On Thu, Nov 12, 2009 at 3:38 PM, Jordan Erickson
<[email protected]> wrote:

> TBH I don't think so. With everything I've read (including today in
> trying to answer your question), mode=0 doesn't require any switch
> configuration whatsoever. Almost all the sites that explain the modes
> have copied the info from a central source (Linux kernel bonding.txt ?)

Yeah, seems like the original document is here
http://www.kernel.org/pub/linux/kernel/people/marcelo/linux-2.4/Documentation/networking/bonding.txt

It was reading that document that made me want to ask more about this.
 Especially section 7:

"7.  Which switches/systems does it work with?

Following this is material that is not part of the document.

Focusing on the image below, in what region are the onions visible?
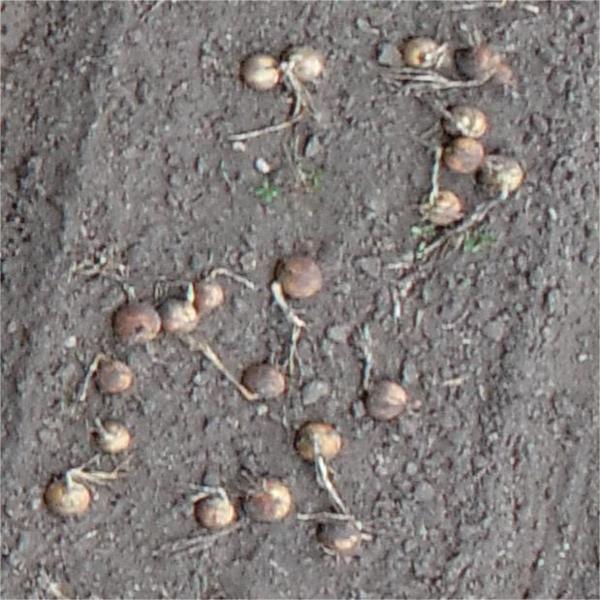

        In round-robin mode, it works with systems that support trunking:"

> We're using HP Procurve switches so I'd assume they can handle trunking,
> but I (nor anyone else in our venture) didn't touch the switch config,
> and I haven't had any issues with it since I configured the hosts. So I
> guess I just assumed it worked well. ;)


I'll give it a shot :->

> From http://lokams.blogspot.com/2008/03/ethernet-bonding-in-linux.html :
>
> * Mode 0 (balance-rr)
> This mode transmits packets in a sequential order from the first
> available slave through the last. If two real interfaces are slaves in
> the bond and two packets arrive destined out of the bonded interface the
> first will be transmitted on the first slave and the second frame will
> be transmitted on the second slave. The third packet will be sent on the
> first and so on. This provides load balancing and fault tolerance.

So that's transmit, but I guess I wonder what about receiving traffic?
Aren't we really relying on the switch to do the right thing?

Anyway, thanks very much for taking the time to help me through this.